→ **Record set**
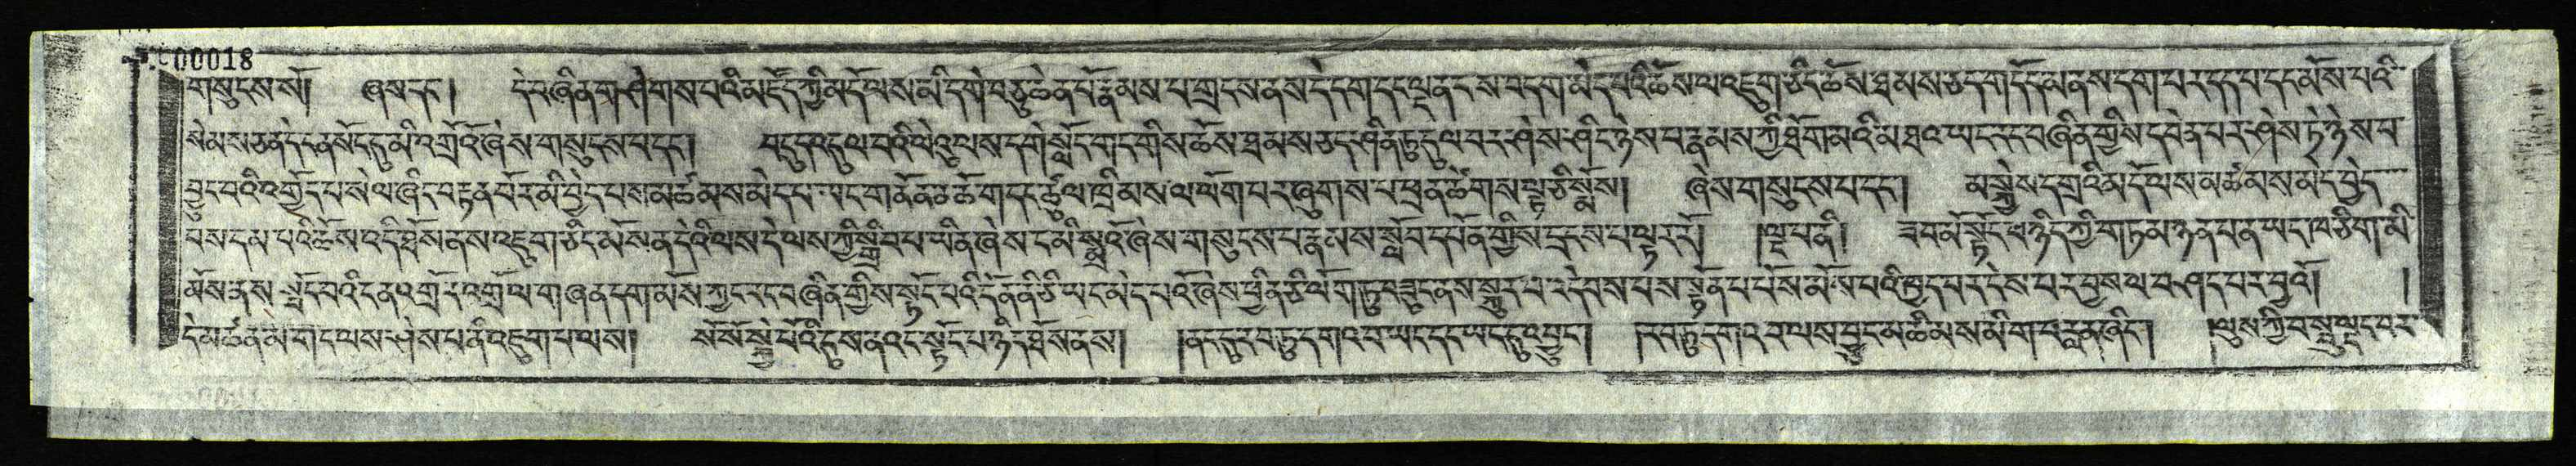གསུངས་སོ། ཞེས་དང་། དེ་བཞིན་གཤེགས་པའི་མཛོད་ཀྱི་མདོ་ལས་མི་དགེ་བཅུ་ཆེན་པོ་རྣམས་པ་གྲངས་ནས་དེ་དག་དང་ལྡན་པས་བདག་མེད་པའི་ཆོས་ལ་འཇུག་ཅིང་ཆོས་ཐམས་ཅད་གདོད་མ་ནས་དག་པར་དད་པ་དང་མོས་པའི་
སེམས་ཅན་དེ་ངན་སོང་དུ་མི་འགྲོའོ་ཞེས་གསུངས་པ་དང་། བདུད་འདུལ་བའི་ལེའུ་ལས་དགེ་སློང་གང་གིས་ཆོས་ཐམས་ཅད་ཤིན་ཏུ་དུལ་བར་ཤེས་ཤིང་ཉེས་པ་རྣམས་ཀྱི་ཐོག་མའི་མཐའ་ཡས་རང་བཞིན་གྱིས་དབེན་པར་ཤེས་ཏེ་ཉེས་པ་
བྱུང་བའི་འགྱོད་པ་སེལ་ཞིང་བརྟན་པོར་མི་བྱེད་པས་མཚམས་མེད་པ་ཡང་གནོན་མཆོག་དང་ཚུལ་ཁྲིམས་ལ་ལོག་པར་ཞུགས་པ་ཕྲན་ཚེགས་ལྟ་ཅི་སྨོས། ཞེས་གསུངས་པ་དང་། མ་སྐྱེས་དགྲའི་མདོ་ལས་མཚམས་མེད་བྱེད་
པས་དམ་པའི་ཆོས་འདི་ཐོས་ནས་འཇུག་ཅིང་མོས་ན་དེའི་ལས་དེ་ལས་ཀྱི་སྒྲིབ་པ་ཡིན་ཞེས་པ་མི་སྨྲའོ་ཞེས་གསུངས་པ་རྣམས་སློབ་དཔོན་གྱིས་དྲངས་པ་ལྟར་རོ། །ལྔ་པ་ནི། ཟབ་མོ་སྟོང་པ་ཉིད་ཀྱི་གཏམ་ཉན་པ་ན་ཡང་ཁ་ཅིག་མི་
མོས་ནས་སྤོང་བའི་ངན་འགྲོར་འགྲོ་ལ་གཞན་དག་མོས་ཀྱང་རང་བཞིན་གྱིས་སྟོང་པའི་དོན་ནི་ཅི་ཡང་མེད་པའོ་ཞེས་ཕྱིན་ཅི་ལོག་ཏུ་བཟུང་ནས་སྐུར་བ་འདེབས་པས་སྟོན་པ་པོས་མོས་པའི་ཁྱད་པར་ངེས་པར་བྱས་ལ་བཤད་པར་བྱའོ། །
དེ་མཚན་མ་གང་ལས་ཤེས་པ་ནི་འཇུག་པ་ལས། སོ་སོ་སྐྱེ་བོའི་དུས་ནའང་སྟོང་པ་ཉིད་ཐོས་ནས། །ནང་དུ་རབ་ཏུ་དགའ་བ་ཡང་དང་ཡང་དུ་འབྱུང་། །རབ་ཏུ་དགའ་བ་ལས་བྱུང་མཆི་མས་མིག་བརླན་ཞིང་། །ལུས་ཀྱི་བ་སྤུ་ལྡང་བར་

==

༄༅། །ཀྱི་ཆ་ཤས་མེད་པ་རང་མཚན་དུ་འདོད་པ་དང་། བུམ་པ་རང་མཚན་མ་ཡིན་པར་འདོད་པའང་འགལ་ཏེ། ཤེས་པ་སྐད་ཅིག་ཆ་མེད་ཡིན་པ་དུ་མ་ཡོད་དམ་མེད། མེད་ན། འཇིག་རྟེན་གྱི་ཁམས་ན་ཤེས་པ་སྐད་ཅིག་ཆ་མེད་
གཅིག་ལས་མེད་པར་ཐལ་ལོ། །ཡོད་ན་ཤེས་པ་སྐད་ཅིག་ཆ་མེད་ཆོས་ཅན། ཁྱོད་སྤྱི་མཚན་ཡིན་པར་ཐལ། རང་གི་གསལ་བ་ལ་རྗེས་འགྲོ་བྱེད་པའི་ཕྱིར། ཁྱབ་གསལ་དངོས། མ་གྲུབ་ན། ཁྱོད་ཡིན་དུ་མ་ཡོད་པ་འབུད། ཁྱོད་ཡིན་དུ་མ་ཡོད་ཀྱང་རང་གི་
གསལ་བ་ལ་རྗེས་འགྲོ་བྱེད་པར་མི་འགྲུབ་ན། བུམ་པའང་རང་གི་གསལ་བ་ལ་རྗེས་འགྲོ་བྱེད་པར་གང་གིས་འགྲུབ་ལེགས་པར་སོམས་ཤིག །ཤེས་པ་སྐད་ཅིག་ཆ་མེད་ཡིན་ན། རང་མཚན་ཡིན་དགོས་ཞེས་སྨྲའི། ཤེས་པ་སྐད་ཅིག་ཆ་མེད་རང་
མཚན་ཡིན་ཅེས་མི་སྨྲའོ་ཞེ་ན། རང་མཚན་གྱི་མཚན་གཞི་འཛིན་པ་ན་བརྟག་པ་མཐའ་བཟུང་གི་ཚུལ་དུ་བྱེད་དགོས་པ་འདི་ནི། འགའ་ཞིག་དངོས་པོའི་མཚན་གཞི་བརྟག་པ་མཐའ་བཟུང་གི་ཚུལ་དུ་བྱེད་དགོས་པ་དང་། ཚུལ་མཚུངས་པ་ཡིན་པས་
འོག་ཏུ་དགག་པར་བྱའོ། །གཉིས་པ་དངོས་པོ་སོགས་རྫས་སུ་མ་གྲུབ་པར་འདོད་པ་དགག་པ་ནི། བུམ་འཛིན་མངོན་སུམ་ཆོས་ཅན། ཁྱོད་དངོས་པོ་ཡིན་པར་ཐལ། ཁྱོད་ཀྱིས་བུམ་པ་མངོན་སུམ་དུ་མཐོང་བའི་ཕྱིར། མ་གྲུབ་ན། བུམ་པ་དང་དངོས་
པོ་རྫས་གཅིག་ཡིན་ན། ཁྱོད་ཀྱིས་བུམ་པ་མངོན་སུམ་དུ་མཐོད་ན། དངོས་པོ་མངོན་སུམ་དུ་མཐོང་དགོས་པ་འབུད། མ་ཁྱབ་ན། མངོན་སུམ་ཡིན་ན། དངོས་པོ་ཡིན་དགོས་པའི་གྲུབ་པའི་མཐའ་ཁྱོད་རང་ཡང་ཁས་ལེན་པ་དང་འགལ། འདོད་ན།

==

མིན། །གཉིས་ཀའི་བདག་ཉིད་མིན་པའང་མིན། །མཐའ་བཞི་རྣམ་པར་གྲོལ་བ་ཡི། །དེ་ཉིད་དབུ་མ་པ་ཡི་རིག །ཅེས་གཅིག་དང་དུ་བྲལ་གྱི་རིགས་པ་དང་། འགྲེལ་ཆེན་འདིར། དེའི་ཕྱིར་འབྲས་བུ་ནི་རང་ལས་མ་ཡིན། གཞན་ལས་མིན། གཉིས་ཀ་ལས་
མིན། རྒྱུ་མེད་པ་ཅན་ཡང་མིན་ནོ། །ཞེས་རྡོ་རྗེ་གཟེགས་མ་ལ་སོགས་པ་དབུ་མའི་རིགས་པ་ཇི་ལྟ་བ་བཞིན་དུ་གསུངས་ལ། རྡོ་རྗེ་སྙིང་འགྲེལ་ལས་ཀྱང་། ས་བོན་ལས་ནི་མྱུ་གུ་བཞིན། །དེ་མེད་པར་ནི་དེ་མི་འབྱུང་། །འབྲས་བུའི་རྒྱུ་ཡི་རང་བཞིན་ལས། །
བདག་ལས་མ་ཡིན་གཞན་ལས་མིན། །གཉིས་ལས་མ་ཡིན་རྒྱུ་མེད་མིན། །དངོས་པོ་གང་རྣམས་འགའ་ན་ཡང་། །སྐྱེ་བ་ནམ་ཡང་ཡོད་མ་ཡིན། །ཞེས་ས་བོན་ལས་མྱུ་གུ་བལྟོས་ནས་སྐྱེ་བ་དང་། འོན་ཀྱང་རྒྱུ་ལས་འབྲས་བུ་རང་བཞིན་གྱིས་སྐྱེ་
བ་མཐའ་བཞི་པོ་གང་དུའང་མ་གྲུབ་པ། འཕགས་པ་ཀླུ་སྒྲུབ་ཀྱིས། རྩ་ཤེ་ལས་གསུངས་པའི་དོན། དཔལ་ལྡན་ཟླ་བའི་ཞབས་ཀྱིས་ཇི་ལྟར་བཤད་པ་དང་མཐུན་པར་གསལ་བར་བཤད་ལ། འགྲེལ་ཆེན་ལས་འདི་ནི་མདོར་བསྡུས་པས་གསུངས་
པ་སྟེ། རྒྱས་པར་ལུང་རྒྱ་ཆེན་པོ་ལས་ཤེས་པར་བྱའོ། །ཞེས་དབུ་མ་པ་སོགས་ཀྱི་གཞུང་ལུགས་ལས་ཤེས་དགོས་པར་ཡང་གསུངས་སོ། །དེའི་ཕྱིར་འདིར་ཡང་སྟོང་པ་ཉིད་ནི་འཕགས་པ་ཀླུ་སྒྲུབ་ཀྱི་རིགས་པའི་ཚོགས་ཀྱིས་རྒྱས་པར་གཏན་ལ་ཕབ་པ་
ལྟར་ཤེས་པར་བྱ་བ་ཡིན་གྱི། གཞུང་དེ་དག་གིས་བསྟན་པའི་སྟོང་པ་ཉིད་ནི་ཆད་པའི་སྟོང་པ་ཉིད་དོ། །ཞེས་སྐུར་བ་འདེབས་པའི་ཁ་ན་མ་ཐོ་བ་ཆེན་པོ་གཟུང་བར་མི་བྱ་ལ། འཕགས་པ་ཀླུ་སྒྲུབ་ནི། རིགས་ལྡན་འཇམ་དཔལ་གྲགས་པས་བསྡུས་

→ **Aim of the exercise**
Scan the data above and report each line in which "འཕགས" is present.

→ **Result of the exercise**
བ་མཐའ་བཞི་པོ་གང་དུའང་མ་གྲུབ་པ། འཕགས་པ་ཀླུ་སྒྲུབ་ཀྱིས། རྩ་ཤེ་ལས་གསུངས་པའི་དོན། དཔལ་ལྡན་ཟླ་བའི་ཞབས་ཀྱིས་ཇི་ལྟར་བཤད་པ་དང་མཐུན་པར་གསལ་བར་བཤད་ལ། འགྲེལ་ཆེན་ལས་འདི་ནི་མདོར་བསྡུས་པས་གསུངས་
པ་སྟེ། རྒྱས་པར་ལུང་རྒྱ་ཆེན་པོ་ལས་ཤེས་པར་བྱའོ། །ཞེས་དབུ་མ་པ་སོགས་ཀྱི་གཞུང་ལུགས་ལས་ཤེས་དགོས་པར་ཡང་གསུངས་སོ། །དེའི་ཕྱིར་འདིར་ཡང་སྟོང་པ་ཉིད་ནི་འཕགས་པ་ཀླུ་སྒྲུབ་ཀྱི་རིགས་པའི་ཚོགས་ཀྱིས་རྒྱས་པར་གཏན་ལ་ཕབ་པ་
ལྟར་ཤེས་པར་བྱ་བ་ཡིན་གྱི། གཞུང་དེ་དག་གིས་བསྟན་པའི་སྟོང་པ་ཉིད་ནི་ཆད་པའི་སྟོང་པ་ཉིད་དོ། །ཞེས་སྐུར་བ་འདེབས་པའི་ཁ་ན་མ་ཐོ་བ་ཆེན་པོ་གཟུང་བར་མི་བྱ་ལ། འཕགས་པ་ཀླུ་སྒྲུབ་ནི། རིགས་ལྡན་འཇམ་དཔལ་གྲགས་པས་བསྡུས་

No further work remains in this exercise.